• _EXERCISE BRIEF_: Your task is to write out every line of the data exactly. Drop the pictures.

• _AVAILABLE DATA_:
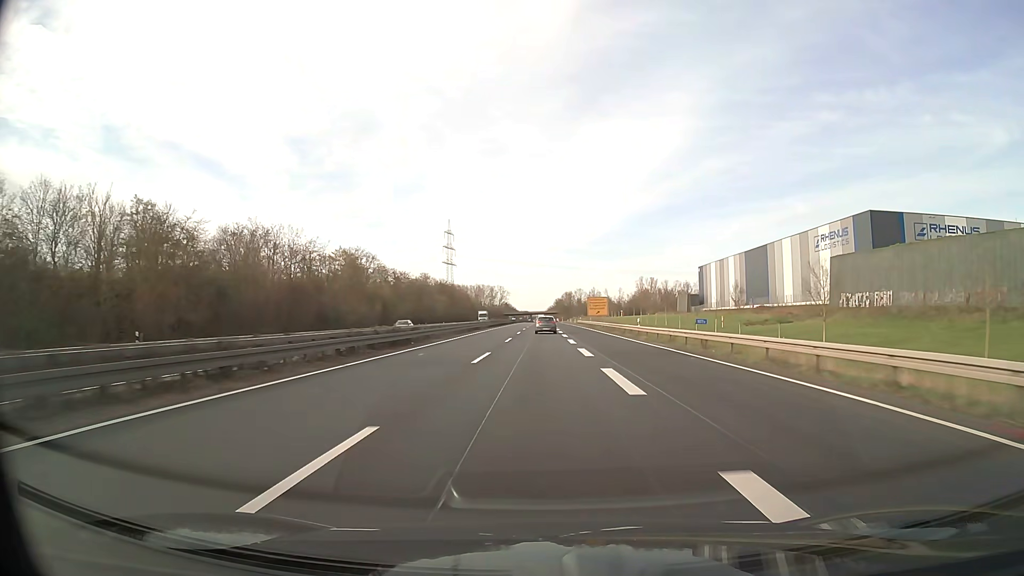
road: trunk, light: Day
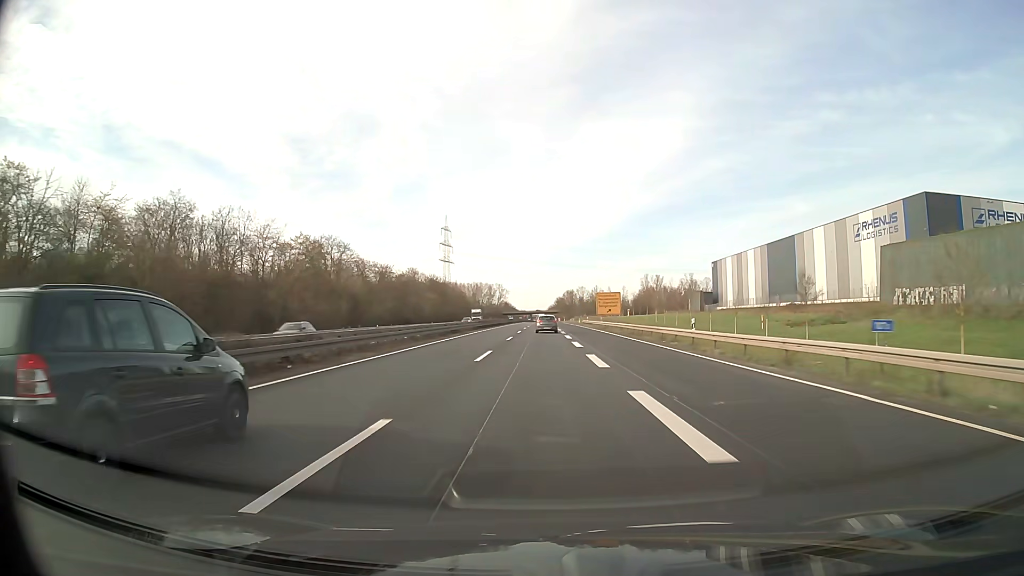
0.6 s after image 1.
(0.0, +17.4) m; 0°
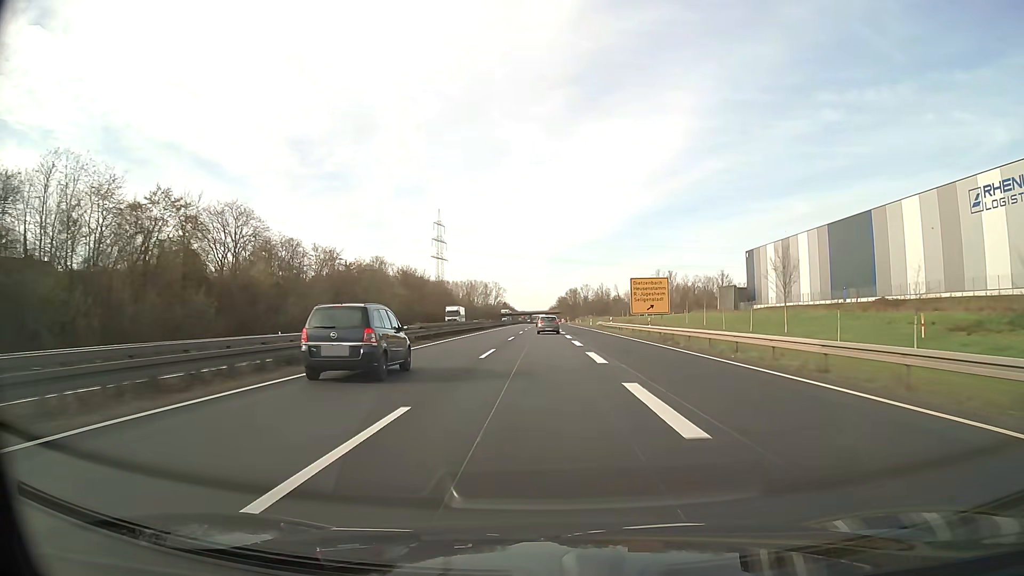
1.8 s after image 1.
(0.0, +34.8) m; 0°
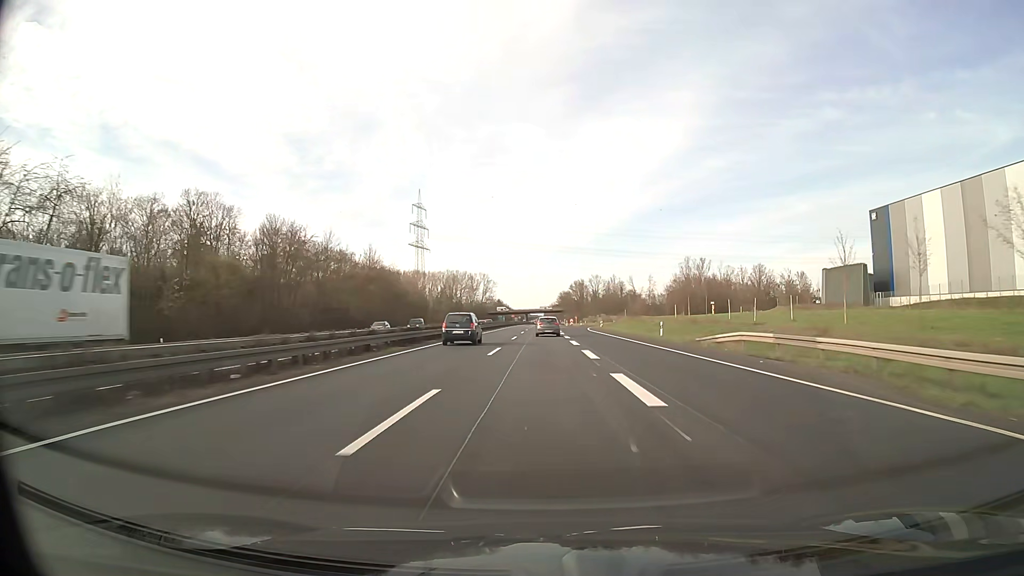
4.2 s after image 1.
(+0.1, +69.5) m; 0°
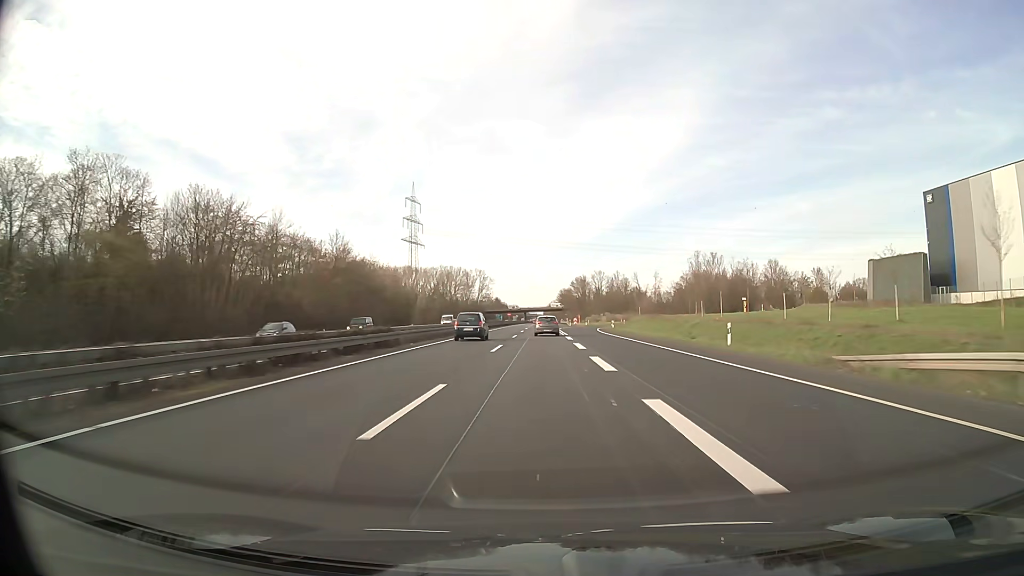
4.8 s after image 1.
(0.0, +17.3) m; 0°
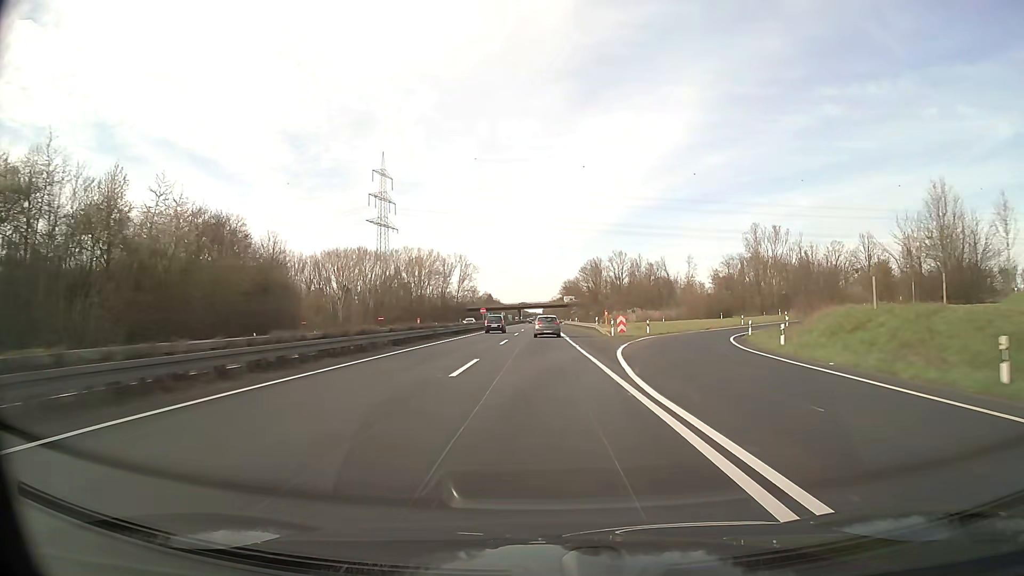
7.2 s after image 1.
(0.0, +68.4) m; 0°
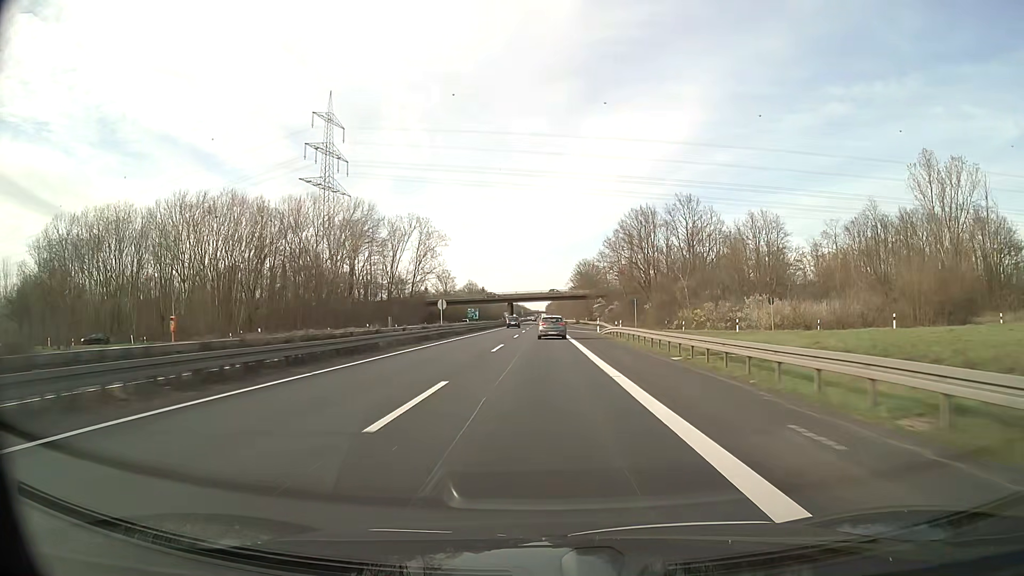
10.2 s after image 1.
(-0.1, +84.0) m; 0°
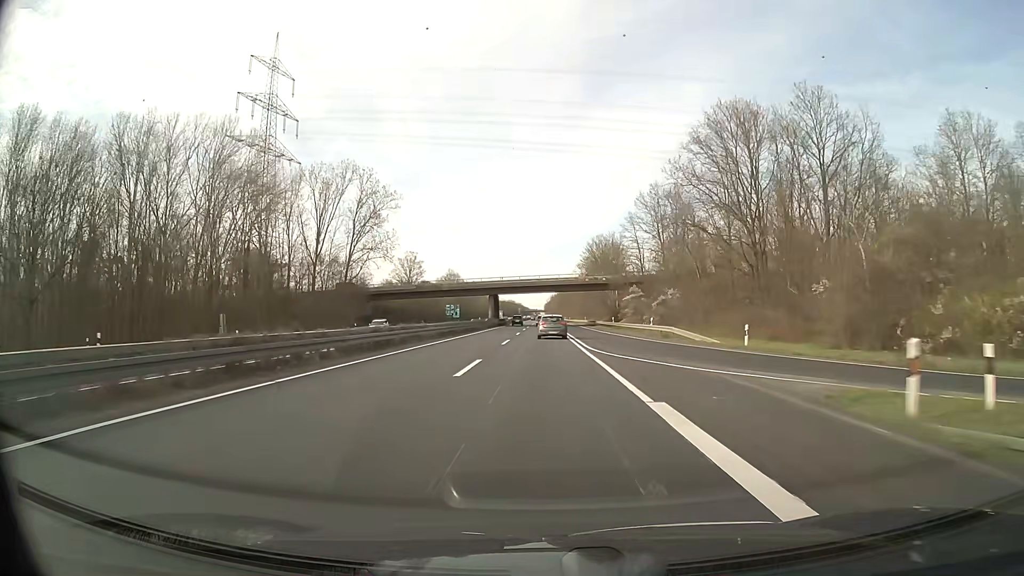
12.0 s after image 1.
(0.0, +49.8) m; 0°
(0, +10) (0, +20) (0, +30) (0, +40) (0, +50) (0, +60) (0, +70) (0, +80) (0, +90) (0, +100) m

• _OUTPUT_:
road: trunk, light: Day
0.6 s after image 1.
(0.0, +17.4) m; 0°
1.8 s after image 1.
(0.0, +34.8) m; 0°
4.2 s after image 1.
(+0.1, +69.5) m; 0°
4.8 s after image 1.
(0.0, +17.3) m; 0°
7.2 s after image 1.
(0.0, +68.4) m; 0°
10.2 s after image 1.
(-0.1, +84.0) m; 0°
12.0 s after image 1.
(0.0, +49.8) m; 0°
(0, +10) (0, +20) (0, +30) (0, +40) (0, +50) (0, +60) (0, +70) (0, +80) (0, +90) (0, +100) m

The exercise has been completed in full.